We express no opinion as to: (i) waivers of defenses, subrogation and related rights, rights to trial by jury, rights to object to venue, or other rights or benefits bestowed by operation of law; (ii) indemnification, contribution, exculpation, or arbitration provisions, or provisions for the non-survival of representations, to the extent they purport to indemnify any party against, or release or limit any party’s liability for, its own breach or failure to comply with statutory obligations, or to the extent such provisions are contrary to public policy; (iii) provisions for liquidated damages and penalties, penalty interest and interest on interest; (iv) provisions purporting to supersede equitable principles, including provisions requiring amendments and waivers to be in writing and provisions making notices effective even if not actually received, or (v) provisions purporting to make a party’s determination conclusive. We express no opinion as to the valid issuance or enforceability of any securities other than the Warrants, including any securities not issued by the Company.

Our opinion above is qualified to the extent that the enforcement of any Warrants denominated in a currency other than United States dollars may be limited by requirements that a claim (or a foreign currency judgment in respect of such claim) be converted into United States dollars at a rate of exchange prevailing on a date determined pursuant to applicable law.
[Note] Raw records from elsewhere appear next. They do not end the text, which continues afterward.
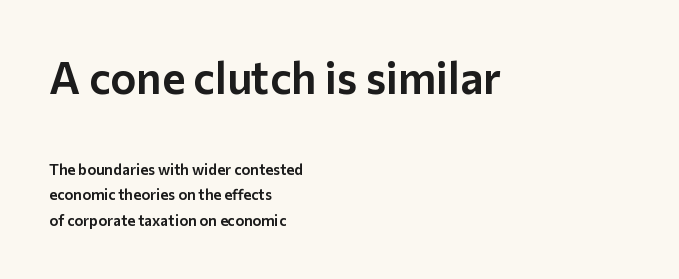
The vertical gap from one line to the next is medium. The type is set solid horizontally, with unmodified tracking. These lines are composed in type without serifs. All the whitespace from short lines collects on the right. In terms of posture, this sample is upright. Proportional: the letters do not fall into vertical columns.
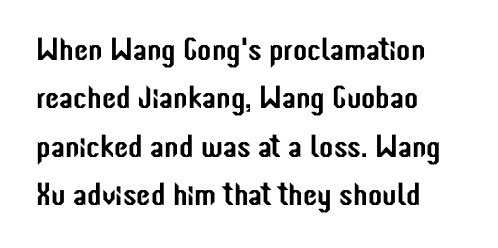
The image shows 32 px condensed sans-serif type, upright; set left-aligned, normal line spacing (1.51x), normal letter spacing, not underlined; low stroke contrast and a medium x-height.
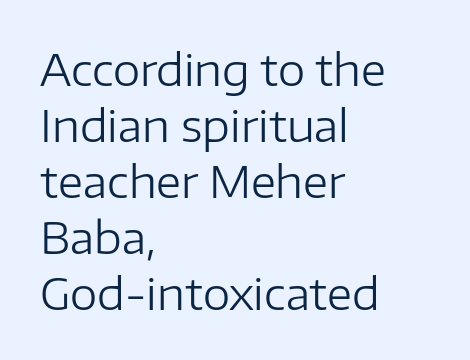
Q: Is the text bold? A: No.
Q: Is the text italic (slanted)? A: No, it is upright.
Q: Is the typeface a serif or a sans-serif typeface? A: Sans-serif.
Q: Is the text underlined? A: No.
Q: How is the paragraph aligned? A: Left-aligned.
Q: Is the spacing between letters normal or unusually wide? A: Normal.
Q: Is the spacing between lines tight, normal or loose? A: Normal.
Q: Width (condensed, normal, or wide)? A: Normal.
Q: Stroke contrast? A: Low.
Q: x-height? A: Medium.
Q: Monospaced? A: No.
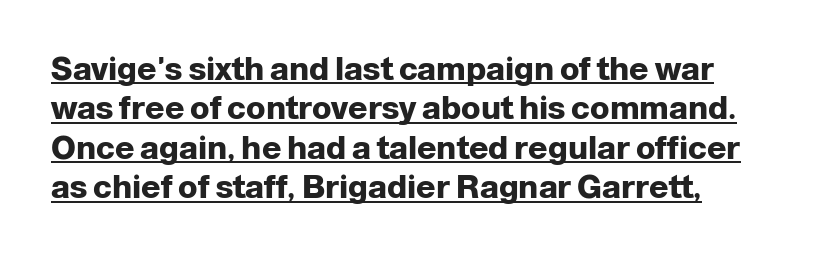
{"serif": "no", "italic": "no", "bold": "yes", "weight": "heavy", "width": "normal", "stroke_contrast": "low", "x_height": "medium", "monospaced": "no", "underline": "yes", "line_spacing_ratio": 1.23, "letter_spacing": "normal", "letter_spacing_em": 0.0, "glyph_px": 32}
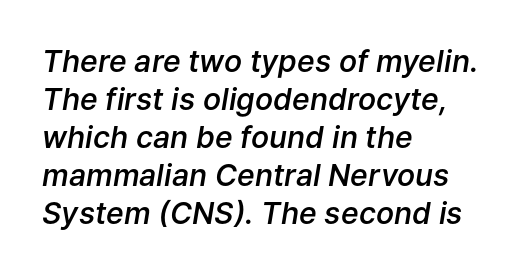
Only glyphs here, with clear space below each row. Think of a printed novel: that variable character pitch is what you see here. The leading is moderate, giving the passage an even texture. The rendering keeps characters at their native spacing.
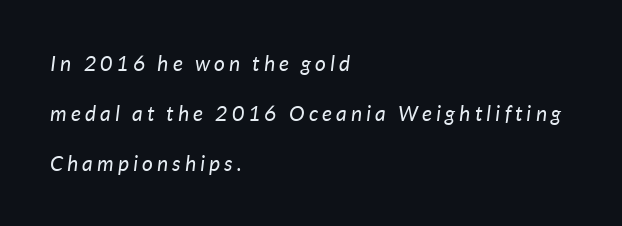
The image shows 21 px text type, italic (leaning right); set left-aligned, loose line spacing (2.37x), unusually wide letter spacing (+0.2 em), not underlined.
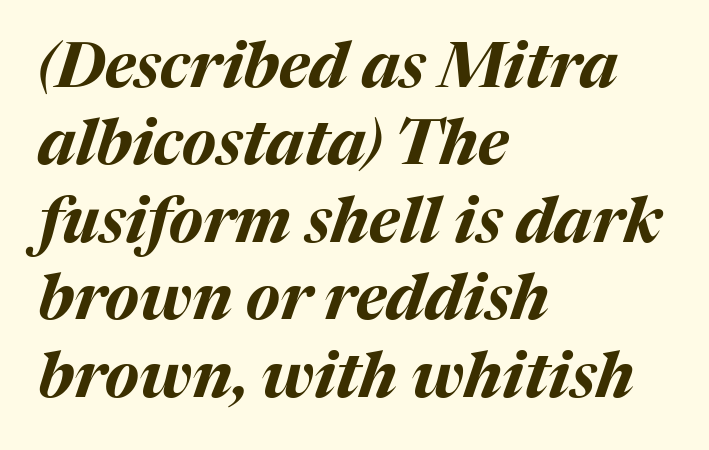
Each letter keeps its own natural width here, so spacing adapts to shape. The rendering anchors every line to the left-hand side. Emphasis by weight is at full strength: bold. The whole block is typeset with a tilt. Words float on clear page, feet unadorned.
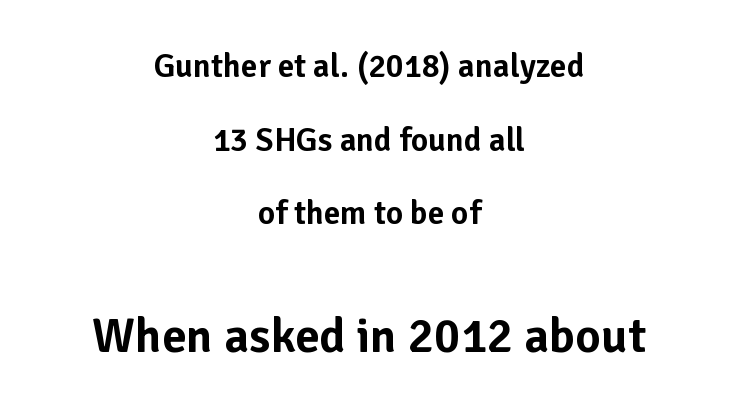
The image shows 49 px sans-serif type, upright; set centered, loose line spacing (2.23x), normal letter spacing, not underlined; the second (bottom) block is 1.48x larger; low stroke contrast and a medium x-height.
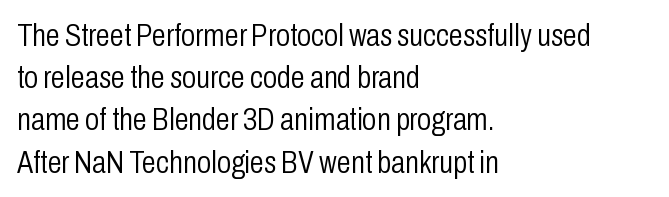
Q: Is the text bold? A: No.
Q: Is the text italic (slanted)? A: No, it is upright.
Q: Is the typeface a serif or a sans-serif typeface? A: Sans-serif.
Q: Is the text underlined? A: No.
Q: How is the paragraph aligned? A: Left-aligned.
Q: Is the spacing between letters normal or unusually wide? A: Normal.
Q: Is the spacing between lines tight, normal or loose? A: Normal.
Q: Width (condensed, normal, or wide)? A: Condensed.
Q: Stroke contrast? A: Low.
Q: x-height? A: Medium.
Q: Monospaced? A: No.
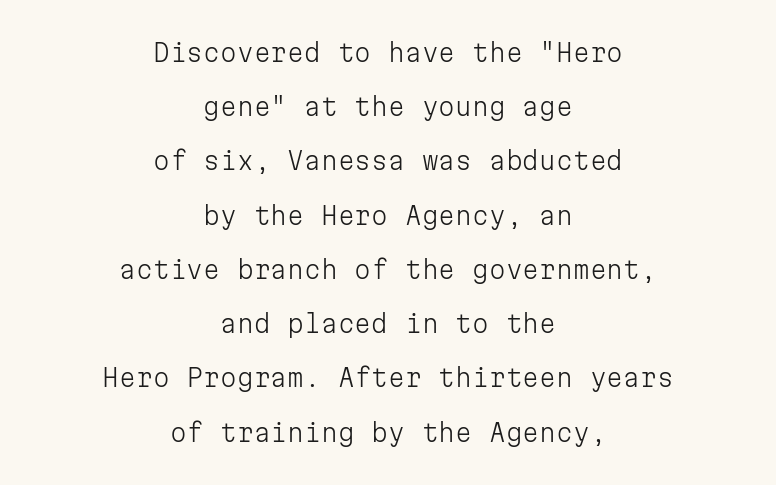
{"italic": "no", "bold": "no", "underline": "no", "align": "center", "line_spacing": "loose", "line_spacing_ratio": 2.26, "letter_spacing": "normal", "letter_spacing_em": 0.0, "glyph_px": 24}
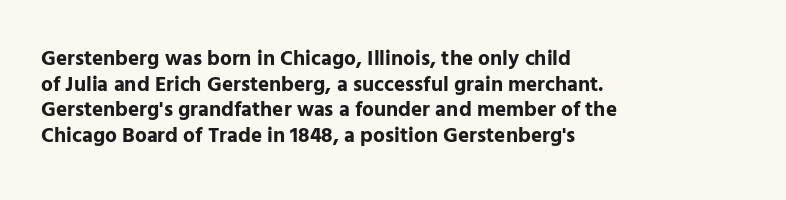
Is there any slant? The stems are plumb. The zone under the glyphs is completely vacant. Caption: bold face, heavy strokes. Each word holds together tightly as a unit, with standard inter-letter gaps. Does the copy run flush right? No — it runs flush left.
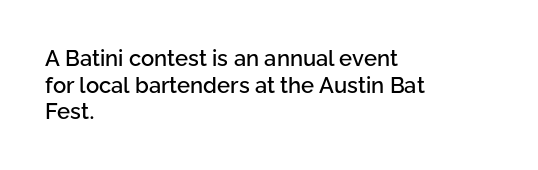
A student would call this left alignment; a typographer would say flush left, rag right. Nobody touched the tracking dial on this one. Tall strokes in this sample are plumb rather than angled. Descenders are the only things crossing below the line.
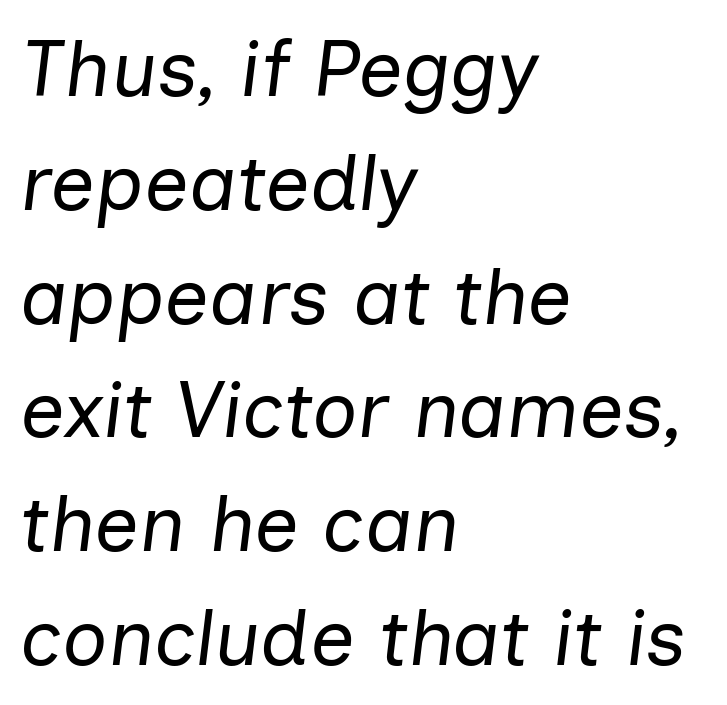
Q: Is the text bold? A: No.
Q: Is the text italic (slanted)? A: Yes, it leans right by about 7 degrees.
Q: Is the text underlined? A: No.
Q: How is the paragraph aligned? A: Left-aligned.
Q: Is the spacing between letters normal or unusually wide? A: Normal.
Q: Is the spacing between lines tight, normal or loose? A: Normal.
Q: Width (condensed, normal, or wide)? A: Normal.
Q: Stroke contrast? A: Low.
Q: x-height? A: Medium.
Q: Monospaced? A: No.

We are members of the bar of the State of New York. We do not express any opinion herein on any laws other than the laws of the State of New York.

We hereby consent to the filing of this opinion as Exhibit 5.2 to the Registration Statement. We also hereby consent to the reference to our firm under the heading “Legal Matters” in the prospectus relating to the offer and sale of the Warrants incorporated by reference in the Registration Statement. In giving such consent, we do not thereby admit that we are in the category of persons whose consent is required under Section 7 of the Securities Act.